Cashiers

Foreign guy: Chicken fries.
Burger lady: What do you want to drink?
Foreign guy: Beer.
Burger lady: We don’t have beer.
Foreign guy: Budweiser.
Burger lady: We don’t have beer, sir.
Foreign guy: No beer? You have no beer?
Burger lady: No, sir.
Foreign guy: Can I see the manager, please?

–Burger King, 33rd & 5th

Overheard by: thomas

Girl: Excuse me, do you have Anbesol?
Cashier guy: Animals? No. No animals.
Girl: No, Anbesol…it’s for gums.
Cashier guy: All of the gums are right here.

–Deli, Astoria

Overheard by: Someone who thought it was “Ambesol”

Cashier chick: Next guest, step down.
Guy: Yeah, can I have a small chicken burger?

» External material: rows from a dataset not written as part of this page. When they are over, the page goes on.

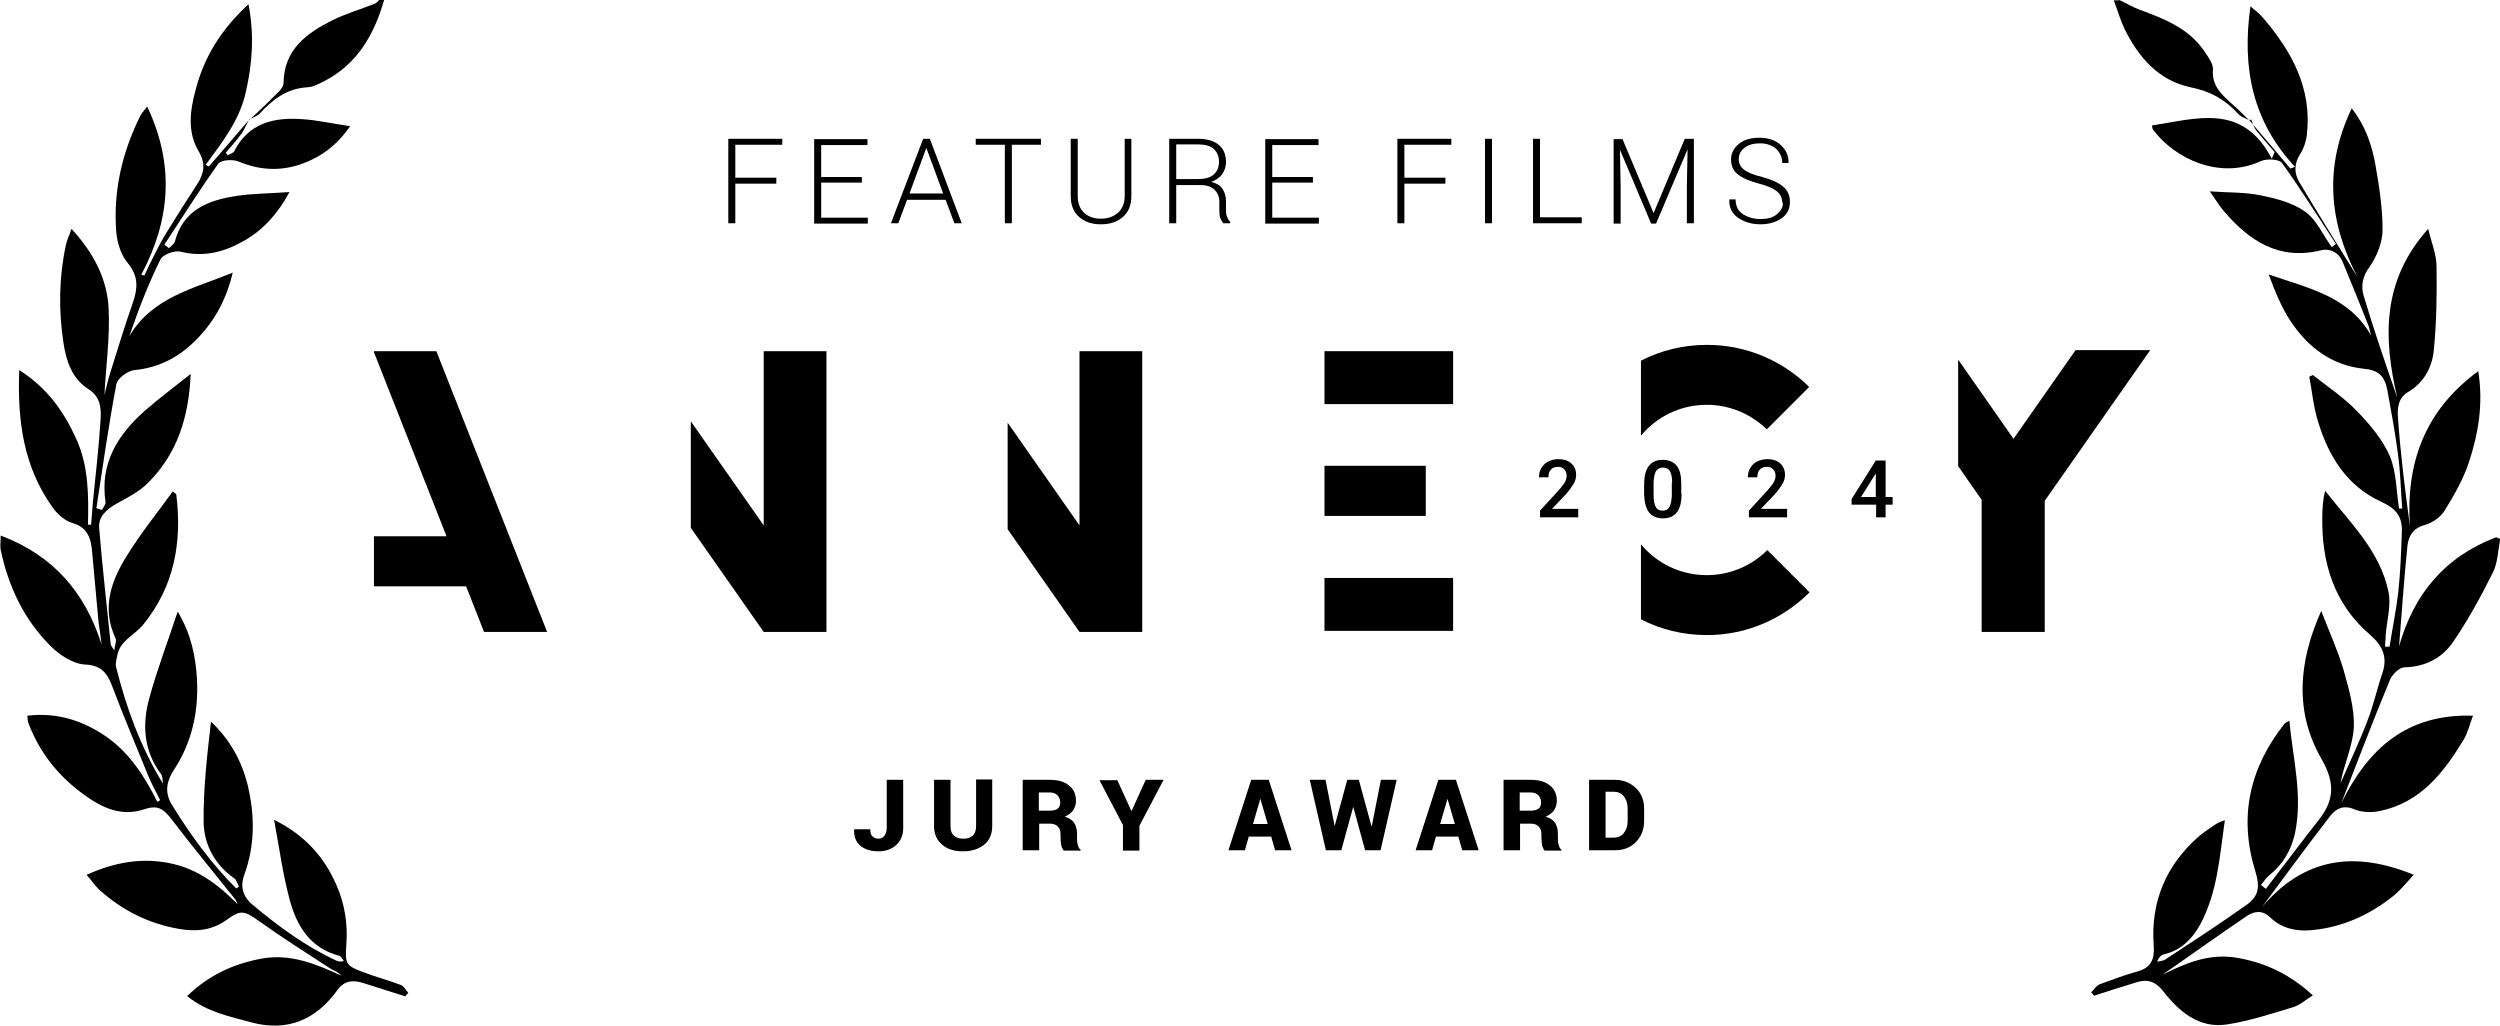 <?xml version="1.0" encoding="UTF-8"?>
<svg id="Design" xmlns="http://www.w3.org/2000/svg" viewBox="0 0 71.33 29.27">
  <defs>
    <style>
      .cls-1 {
        stroke-width: 0px;
      }
    </style>
  </defs>
  <g>
    <path class="cls-1" d="m25.3,22.25h.47v1.38c0,.2-.07.36-.2.48s-.3.18-.5.18c-.22,0-.39-.05-.52-.16s-.19-.26-.18-.47h0s.46,0,.46,0c0,.1.02.17.07.21.05.04.1.06.17.06.06,0,.12-.03.16-.08s.07-.13.07-.22v-1.38Z"/>
    <path class="cls-1" d="m28.31,22.25v1.32c0,.23-.08.41-.23.53s-.35.19-.6.19-.45-.06-.6-.19-.23-.3-.23-.53v-1.32h.47v1.32c0,.12.03.22.1.27.06.06.15.09.27.09s.2-.03.27-.09c.06-.06.09-.15.09-.28v-1.32h.47Z"/>
    <path class="cls-1" d="m29.65,23.49v.77h-.47v-2.01h.77c.23,0,.42.05.55.16.14.11.2.26.2.44,0,.1-.03.19-.08.27-.05.07-.14.14-.24.18.12.04.21.09.27.18.05.08.08.18.08.31v.13c0,.05,0,.11.02.18.02.07.04.12.08.14v.03h-.48s-.06-.08-.07-.15c-.01-.07-.02-.14-.02-.2v-.12c0-.1-.03-.17-.08-.22s-.12-.08-.22-.08h-.32Zm0-.36h.31c.09,0,.17-.02.22-.06.05-.04.07-.1.07-.18s-.03-.15-.08-.2c-.05-.05-.12-.08-.22-.08h-.31v.52Z"/>
    <path class="cls-1" d="m32.29,23.13h0l.4-.88h.51l-.69,1.31v.71h-.47v-.73l-.67-1.28h.51l.4.88Z"/>
    <path class="cls-1" d="m36.27,23.87h-.64l-.11.39h-.47l.65-2.01h.5l.65,2.01h-.47l-.11-.39Zm-.53-.36h.43l-.21-.72h0l-.21.72Z"/>
    <path class="cls-1" d="m39.14,23.57h0l.26-1.32h.45l-.46,2.01h-.44l-.34-1.24h0l-.34,1.24h-.44l-.46-2.01h.45l.26,1.32h0l.36-1.32h.33l.36,1.32Z"/>
    <path class="cls-1" d="m41.61,23.87h-.64l-.11.39h-.47l.65-2.01h.5l.65,2.01h-.47l-.11-.39Zm-.53-.36h.43l-.21-.72h0l-.21.72Z"/>
    <path class="cls-1" d="m43.37,23.49v.77h-.47v-2.01h.77c.23,0,.42.05.55.16.14.11.2.26.2.44,0,.1-.03.19-.08.27-.05.07-.14.14-.24.18.12.04.21.09.27.18.05.08.08.18.08.31v.13c0,.05,0,.11.02.18s.04.12.08.14v.03h-.48s-.06-.08-.07-.15c-.01-.07-.02-.14-.02-.2v-.12c0-.1-.03-.17-.08-.22s-.12-.08-.22-.08h-.32Zm0-.36h.31c.09,0,.17-.02.22-.06.05-.04.07-.1.07-.18s-.03-.15-.08-.2c-.05-.05-.12-.08-.22-.08h-.31v.52Z"/>
    <path class="cls-1" d="m45.34,24.26v-2.01h.73c.24,0,.44.08.6.23.16.15.24.35.24.59v.36c0,.24-.08.44-.24.6s-.36.23-.6.23h-.73Zm.47-1.66v1.3h.23c.12,0,.22-.04.29-.13.07-.09.11-.2.11-.34v-.37c0-.14-.04-.25-.11-.34s-.17-.13-.29-.13h-.23Z"/>
  </g>
  <g>
    <path class="cls-1" d="m7.11,3.43c.29-.27.57-.54.85-.82.06-.06.13-.16.13-.24.01-.95.65-1.42,1.39-1.79.38-.19.8-.31,1.2-.47C10.74.09,10.78.04,10.82,0c.05,0,.1,0,.14,0-.28.97-.75,1.81-1.68,2.3-.16.08-.33.18-.5.19-.59.03-.99.34-1.37.75-.08.08-.21.12-.31.18h0Z"/>
    <path class="cls-1" d="m60.47,0c.19.09.37.2.56.27.73.27,1.44.54,1.89,1.23.1.15.23.33.22.48-.04.47.25.72.54.98.17.15.33.31.49.47h0c-.11-.06-.24-.1-.31-.18-.37-.41-.8-.65-1.36-.76-.91-.19-1.49-.86-1.89-1.68-.12-.26-.2-.54-.3-.8.05,0,.1,0,.14,0Z"/>
    <path class="cls-1" d="m7.1,3.42c-.07.13-.12.26-.2.38-.14.2-.31.38-.46.56.02.02.04.05.06.07.06-.04.15-.06.18-.11.41-.81,1.13-.98,1.95-.92.44.03.87.13,1.36.2-.37.54-.83.88-1.39,1.08-.6.21-1.19.18-1.79-.07-.16-.07-.5-.05-.58.06-.54.75-1.03,1.54-1.54,2.31.04.03.09.07.13.1.06-.06.15-.12.17-.19.24-.91.96-1.18,1.76-1.3.47-.07.95-.07,1.51-.11-.33.61-.74,1.07-1.28,1.38-.57.33-1.16.49-1.83.32-.17-.04-.5.08-.57.22-.35.7-.63,1.44-.89,2.19.66-1.11,1.82-1.35,2.95-1.81-.18.76-.51,1.36-.99,1.86-.49.52-1.08.85-1.82.92-.19.02-.48.24-.51.4-.22,1.17-.39,2.36-.57,3.54.05.02.11.03.16.05.04-.08.11-.16.1-.23-.16-1.1.34-1.9,1.11-2.59.4-.35.83-.67,1.32-1.06-.05,1.24-.39,2.28-1.21,3.1-.25.26-.6.43-.92.61-.28.16-.51.37-.48.69.09,1.11.22,2.22.33,3.32,0,.03.04.06.1.17.02-.16.07-.27.04-.34-.41-.87-.13-1.65.33-2.38.39-.63.86-1.21,1.3-1.82.05.05.09.06.1.09.17,1.37-.06,2.63-.95,3.72-.24.29-.64.44-.73.85-.02.11-.06.24-.04.34.29,1.17.7,2.29,1.34,3.34-.02-.09,0-.21-.06-.28-.49-.66-.54-1.41-.33-2.16.22-.81.52-1.59.81-2.47.39.65.51,1.28.55,1.92.05.93-.14,1.81-.66,2.6-.2.31-.28.63-.05,1,.53.86,1.12,1.67,1.83,2.38.03-.02.05-.03.08-.05-.05-.09-.07-.2-.15-.25-.55-.39-.85-.96-.86-1.6-.01-.95.1-1.9.21-2.86.55.52.88,1.13,1.05,1.82.2.85.21,1.7-.1,2.55-.11.29-.07.59.22.84.74.62,1.51,1.19,2.39,1.6.06.03.13.05.23.02-.04-.05-.08-.14-.13-.15-.84-.22-1.22-.86-1.42-1.62-.19-.71-.29-1.45-.44-2.26.88.44,1.42,1.05,1.77,1.84.25.56.34,1.14.29,1.75-.04.52,0,.58.49.76.35.13.71.23,1.06.36.09.03.15.15.22.23-.03.03-.06.06-.08.1-.41-.13-.82-.26-1.23-.39-.27-.08-.51-.06-.7.19-.61.86-1.43,1.22-2.47.94-.62-.17-1.26-.29-1.83-.75.62-.6,1.32-.92,2.13-1.07.83-.15,1.55.16,2.28.49-.05-.04-.09-.08-.14-.11-.05-.03-.11-.05-.16-.08-.69-.45-1.39-.89-2.06-1.37-.42-.3-.52-.33-.93-.03-.42.3-.87.34-1.37.25-.85-.15-1.59-.52-2.23-1.09-.13-.11-.23-.27-.39-.45.78-.35,1.53-.49,2.33-.34.81.15,1.42.61,1.98,1.18-.02-.04-.03-.09-.06-.13-.6-.75-1.21-1.49-1.79-2.25-.28-.37-.43-.46-.85-.32-.53.17-1.01.01-1.44-.26-.84-.54-1.47-1.26-1.83-2.21-.02-.05-.02-.11-.03-.21.86-.1,1.59.14,2.27.61.66.47,1.08,1.13,1.44,1.85.03-.02.05-.03.08-.05-.12-.24-.25-.47-.35-.72-.33-.81-.67-1.61-.98-2.43-.15-.4-.28-.7-.82-.72-.34-.02-.72-.27-.98-.53-.75-.75-1.2-1.69-1.42-2.74-.02-.11,0-.23,0-.41,1.51.57,2.41,1.63,2.88,3.11-.01-.1-.03-.2-.04-.3-.02-.12-.03-.24-.05-.36-.06-.66-.12-1.31-.18-1.97-.03-.39-.12-.71-.57-.84-.21-.06-.42-.25-.55-.43-.83-1.15-1.02-2.47-.96-3.93.8.51,1.27,1.18,1.62,1.95.36.78.36,1.62.34,2.46.03,0,.06,0,.09,0,.02-.21.03-.43.05-.64.08-.79.17-1.57.22-2.36.02-.32,0-.65-.35-.87-.47-.3-.63-.8-.71-1.32-.14-.93-.13-1.86.07-2.79.03-.15.1-.28.16-.46.63.68,1.02,1.43,1.06,2.28.04.82-.08,1.65-.12,2.46.05-.2.1-.43.17-.65.21-.66.41-1.33.64-1.98.14-.41.17-.75-.14-1.13-.19-.22-.3-.56-.33-.86-.1-1.17.16-2.29.68-3.34.04-.08.11-.15.2-.27.79,1.67.66,3.24-.17,4.8.03,0,.06.02.09.02.1-.21.2-.43.31-.64.11-.21.22-.43.35-.63.28-.45.56-.9.85-1.34.2-.31.24-.59.04-.93-.33-.55-.25-1.16-.09-1.75.24-.94.73-1.73,1.51-2.45.17.89.11,1.68-.07,2.48-.17.81-.67,1.45-1.15,2.1.03.02.06.04.09.05.39-.46.79-.91,1.18-1.37,0,0,0,0,0,0Z"/>
    <path class="cls-1" d="m64.18,3.43c.39.46.78.92,1.17,1.38.04-.02.09-.03.13-.05-1.21-1.3-1.52-2.82-1.27-4.58.16.14.27.22.36.33.82.96,1.4,2.01,1.25,3.33-.02.19-.09.4-.2.57-.17.27-.16.54-.02.78.54.91,1.1,1.8,1.66,2.71-.81-1.56-.96-3.14-.16-4.81.39.5.57,1.04.67,1.58.11.62.21,1.26.21,1.88,0,.36-.16.76-.37,1.06-.21.28-.25.56-.17.83.29.97.62,1.93.96,2.91-.4-1.7-.45-3.33.88-4.82.1.41.24.74.24,1.08.01.8,0,1.61-.08,2.4-.05.48-.29.92-.74,1.18-.29.17-.3.49-.28.73.07,1.03.2,2.05.34,3.09-.12-1.79.42-3.3,1.95-4.42.15.94,0,1.79-.27,2.61-.16.48-.42.93-.69,1.37-.12.19-.35.35-.57.41-.34.09-.46.33-.49.59-.1.95-.16,1.91-.24,2.87.42-1.49,1.31-2.56,2.77-3.11.04.02.08.03.12.05-.07.32-.07.67-.21.95-.34.68-.71,1.36-1.14,1.99-.31.45-.79.71-1.39.72-.14,0-.35.21-.41.36-.48,1.15-.92,2.32-1.39,3.52.76-1.54,1.85-2.56,3.76-2.5-.1.26-.15.5-.27.69-.57.94-1.23,1.79-2.39,2.03-.23.05-.52.04-.73-.05-.32-.14-.54,0-.69.2-.65.84-1.28,1.7-1.94,2.59,1.19-1.4,2.62-1.62,4.33-.92-.22.24-.39.45-.59.61-.68.54-1.45.89-2.33.97-.43.04-.85-.05-1.17-.36-.23-.22-.45-.19-.68-.04-.84.57-1.66,1.16-2.4,1.67.59-.29,1.3-.63,2.14-.48.8.14,1.5.47,2.15,1.07-.21.13-.36.27-.54.33-.63.19-1.26.4-1.91.5-.8.12-1.37-.37-1.82-.95-.23-.29-.46-.35-.77-.25-.4.12-.8.25-1.2.38-.03-.03-.06-.07-.08-.1.08-.08.15-.2.25-.23.35-.13.7-.26,1.06-.36.41-.11.5-.37.47-.75-.09-1.24.35-2.28,1.28-3.1.15-.13.33-.24.5-.36.06-.04.13-.06.25-.11-.15,1.05-.21,2.07-.71,2.99-.22.4-.55.73-1.03.84-.08.02-.15.09-.19.21.07-.02.15-.02.21-.05.79-.52,1.58-1.03,2.35-1.58.35-.25.37-.53.24-.95-.48-1.55-.17-2.95.84-4.22.02-.02.06-.03.13-.08.1,1.09.39,2.14.16,3.22-.11.49-.35.89-.74,1.2-.09.07-.15.18-.23.27.05.04.1.08.14.11.51-.66,1.01-1.33,1.52-1.98.44-.56.45-1.06.07-1.72-.77-1.34-.67-2.75-.01-4.23.23.6.47,1.12.63,1.66.15.54.32,1.1.3,1.64-.02.54-.28,1.06-.38,1.62.26-.6.54-1.18.77-1.79.17-.43.27-.9.42-1.34.17-.48,0-.81-.36-1.12-1.02-.88-1.37-2.05-1.35-3.35,0-.25.02-.49.08-.75.71.91,1.57,1.72,1.81,2.89.08.39-.05.82-.08,1.23,0,.11-.02.22-.02.33h.13c.08-.52.19-1.04.25-1.57.06-.56.08-1.12.1-1.69.02-.46-.17-.68-.58-.87-.99-.45-1.51-1.3-1.81-2.29-.13-.41-.17-.85-.25-1.28l.1-.05c.42.33.87.63,1.24,1.01.37.38.74.81.95,1.29.2.46.19,1.01.27,1.51.03,0,.06,0,.09,0-.04-.52-.05-1.04-.12-1.55-.08-.61-.19-1.21-.3-1.81-.08-.43-.25-.59-.69-.63-.9-.1-1.56-.6-2.05-1.32-.28-.41-.47-.89-.65-1.37,1.11.39,2.28.61,2.92,1.74-.03-.1-.04-.21-.08-.3-.24-.6-.48-1.2-.73-1.8-.11-.27-.36-.39-.61-.33-1.21.3-2.06-.27-2.79-1.13-.12-.14-.22-.31-.39-.55.54.04.99.02,1.43.11.45.09.93.21,1.29.47.33.23.51.67.76,1.01.04-.03.08-.06.12-.09-.51-.77-1-1.56-1.54-2.31-.08-.11-.44-.13-.61-.05-1.15.53-2.43-.05-3.07-.9-.02-.03-.02-.07-.03-.12,1.27-.19,2.58-.66,3.42.95l.08-.19c-.17-.2-.35-.4-.52-.61-.07-.09-.1-.21-.15-.32,0,0,0,0,0,0Z"/>
  </g>
  <g>
    <polygon class="cls-1" points="12.45 10.02 10.67 10.02 10.67 10.05 12.74 15.3 10.67 15.3 10.67 16.73 13.3 16.73 13.81 18.03 15.61 18.03 12.45 10.02"/>
    <polygon class="cls-1" points="21.79 10.02 21.79 14.99 19.71 12.02 19.71 15.06 21.79 18.03 23.58 18.03 23.58 10.02 21.79 10.02"/>
    <polygon class="cls-1" points="30.8 10.02 30.8 14.99 28.75 12.06 28.75 15.1 30.8 18.03 32.59 18.03 32.59 10.02 30.8 10.02"/>
    <rect class="cls-1" x="37.79" y="10.02" width="3.67" height="1.51"/>
    <path class="cls-1" d="m50.43,15.69c-.44.44-1.05.72-1.73.72-.76,0-1.43-.34-1.88-.88v2.14c.56.29,1.2.45,1.88.45,1.15,0,2.18-.47,2.93-1.22l-1.21-1.21Z"/>
    <polygon class="cls-1" points="59.22 9.99 57.45 12.52 55.87 10.26 55.87 13.3 56.54 14.26 56.54 18.03 58.34 18.03 58.34 14.29 61.35 9.99 59.22 9.99"/>
    <path class="cls-1" d="m48.7,9.84c-.68,0-1.31.16-1.88.45v2.14c.45-.54,1.12-.88,1.88-.88.66,0,1.27.27,1.71.7l1.21-1.21c-.75-.74-1.78-1.2-2.91-1.2Z"/>
    <rect class="cls-1" x="37.79" y="16.49" width="3.67" height="1.51"/>
    <rect class="cls-1" x="37.79" y="13.29" width="2.89" height="1.43"/>
  </g>
  <g>
    <path class="cls-1" d="m22.15,5.24h-1.17v1.13h-.2v-2.41h1.54v.17h-1.34v.94h1.17v.17Z"/>
    <path class="cls-1" d="m24.59,5.21h-1.16v1h1.33v.17h-1.53v-2.41h1.52v.17h-1.32v.91h1.16v.17Z"/>
    <path class="cls-1" d="m26.98,5.7h-1.1l-.25.67h-.21l.92-2.41h.19l.91,2.41h-.21l-.25-.67Zm-1.04-.18h.97l-.48-1.3h0l-.48,1.3Z"/>
    <path class="cls-1" d="m29.7,4.13h-.83v2.24h-.2v-2.24h-.83v-.17h1.86v.17Z"/>
    <path class="cls-1" d="m32.28,3.96v1.63c0,.26-.08.46-.24.6-.16.14-.37.21-.63.21s-.46-.07-.62-.21c-.16-.14-.24-.34-.24-.6v-1.63h.2v1.63c0,.21.06.36.18.48.12.11.28.17.48.17s.36-.06.49-.17c.12-.11.19-.27.19-.48v-1.63h.2Z"/>
    <path class="cls-1" d="m33.56,5.28v1.09h-.2v-2.41h.82c.26,0,.46.06.59.17.14.11.21.28.21.5,0,.13-.04.24-.11.34-.07.1-.18.17-.31.22.15.04.26.1.32.2.07.1.1.22.1.36v.23c0,.08,0,.14.03.2.02.06.05.11.09.15v.04h-.2s-.07-.1-.09-.17-.02-.15-.02-.22v-.22c0-.15-.05-.26-.14-.35-.1-.09-.23-.13-.4-.13h-.68Zm0-.17h.59c.22,0,.38-.04.48-.13.1-.09.15-.21.15-.36,0-.16-.05-.28-.15-.37-.1-.09-.25-.13-.45-.13h-.62v.98Z"/>
    <path class="cls-1" d="m37.46,5.21h-1.16v1h1.33v.17h-1.53v-2.41h1.52v.17h-1.32v.91h1.16v.17Z"/>
    <path class="cls-1" d="m41.24,5.24h-1.17v1.13h-.2v-2.41h1.54v.17h-1.34v.94h1.17v.17Z"/>
    <path class="cls-1" d="m42.57,6.37h-.2v-2.41h.2v2.41Z"/>
    <path class="cls-1" d="m43.94,6.2h1.19v.17h-1.39v-2.41h.2v2.24Z"/>
    <path class="cls-1" d="m46.29,3.96l.89,2.12h0l.89-2.12h.26v2.41h-.2v-1.06l.02-1.05h0s-.9,2.12-.9,2.12h-.14l-.89-2.11h0s.02,1.05.02,1.05v1.06h-.2v-2.41h.26Z"/>
    <path class="cls-1" d="m50.85,5.78c0-.13-.05-.24-.15-.32-.1-.08-.27-.16-.51-.22-.26-.07-.46-.15-.6-.26s-.2-.25-.2-.43.08-.33.23-.45c.15-.12.35-.17.59-.17s.45.07.6.21c.15.14.23.31.22.51h0s-.18,0-.18,0c0-.16-.06-.29-.17-.4-.11-.1-.27-.16-.46-.16s-.34.04-.45.13c-.11.09-.16.19-.16.32s.05.22.15.3c.1.08.27.15.52.21.26.07.46.16.59.27.14.11.2.26.2.45s-.08.35-.24.46c-.16.11-.36.17-.6.17s-.45-.06-.63-.18c-.18-.12-.27-.3-.26-.53h0s.18,0,.18,0c0,.19.07.33.21.42.14.09.31.14.5.14s.35-.04.46-.13.18-.19.18-.33Z"/>
  </g>
  <g>
    <path class="cls-1" d="m45.03,14.76h-1.09v-.19l.54-.59c.08-.09.13-.16.17-.22.03-.06.05-.12.05-.18,0-.08-.02-.14-.07-.19-.04-.05-.1-.07-.18-.07-.09,0-.16.03-.2.08-.05.05-.07.13-.07.22h-.27c0-.1.02-.19.07-.27s.11-.14.19-.18.18-.07.29-.07c.16,0,.28.04.37.12.09.08.14.19.14.33,0,.08-.02.17-.07.25s-.12.19-.22.3l-.4.42h.75v.22Z"/>
    <path class="cls-1" d="m47.98,14.08c0,.23-.04.41-.13.53-.09.12-.22.18-.4.18s-.31-.06-.4-.17c-.09-.12-.13-.29-.14-.51v-.28c0-.23.04-.41.13-.53.09-.12.22-.18.4-.18s.31.06.4.17c.09.11.13.28.13.51v.28Zm-.27-.3c0-.15-.02-.26-.06-.33-.04-.07-.11-.11-.2-.11s-.15.03-.2.1c-.04.07-.06.17-.07.31v.37c0,.15.02.26.06.34s.11.11.2.11.15-.03.19-.1c.04-.07.06-.18.07-.32v-.37Z"/>
    <path class="cls-1" d="m50.99,14.76h-1.09v-.19l.54-.59c.08-.09.13-.16.17-.22.03-.06.05-.12.05-.18,0-.08-.02-.14-.07-.19-.04-.05-.1-.07-.18-.07-.09,0-.16.03-.2.08-.05.05-.07.13-.07.22h-.27c0-.1.02-.19.07-.27s.11-.14.19-.18.18-.07.29-.07c.16,0,.28.04.37.12.09.08.14.19.14.33,0,.08-.02.17-.07.25s-.12.19-.22.3l-.4.42h.75v.22Z"/>
    <path class="cls-1" d="m53.8,14.18h.2v.22h-.2v.36h-.27v-.36h-.7v-.16s.69-1.1.69-1.1h.28v1.04Zm-.7,0h.42v-.68l-.02.04-.4.64Z"/>
  </g>
</svg>

–Wendy’s, 6th Avenue & W. 3rd Street

Overheard by: Scarlet

Girl: Hi, I’d like a medium iced coffee with lots of ice, skim milk and Equal, please.
Cashier chick: What kind of ice?

–Dunkin’ Donuts, Penn Station

Overheard by: devila

Woman: I’d like to order a bacon, egg, and cheese sandwich.
Cashier lady: I’m sorry, ma’am, we’re kosher.
Woman: Oh OK, then make it a sausage, egg, and cheese.

–Nathan’s, LaGuardia

Cashier dude: The only credit cards we accept are American Express.
Old guy: Do you take Visa?

–Costco, LI City

Guy: Hey, can I get some cigarettes?

The newsstand man just rocks back and forth mumbling something.

Guy: Excuse me, can I get some cigarettes?!
Newsstand man: …Yes, sir. Cigarettes. Sorry, I was praying.
Guy: Oh. I thought you were masturbating.

–Times Square newsstand

Caribbean guy: Hey, I’m looking for a Jason Ghi-ambi baseball bat.
Store guy: An autographed bat?
Caribbean guy: I’m not paying fifty dollars for no bat.
Store guy: What do you need the bat for?
Caribbean guy: I just really need to bash someone’s head in, you know what I’m saying?
Store guy: You don’t need a Jason Giambi bat for that. Any of these bats can be used for bashing someone in the head.

–Triangle Sports, Flatbush

Overheard by: Owen

Tourist chick: Yeah, I like New York, but I could never live here.
Salesguy: Yeah…
Tourist chick: But I mean I love the West Village.
Salesperson: Totally…
Tourist chick: It’s just like so expensive to live here.
Cashier guy: That’ll be $407 please.

–Jack Spade, Greene Street

Overheard by: Quirine

Customer: Christ, there are beautiful women every time I come in here.
Cashier: Yeah! All day long! It hurts!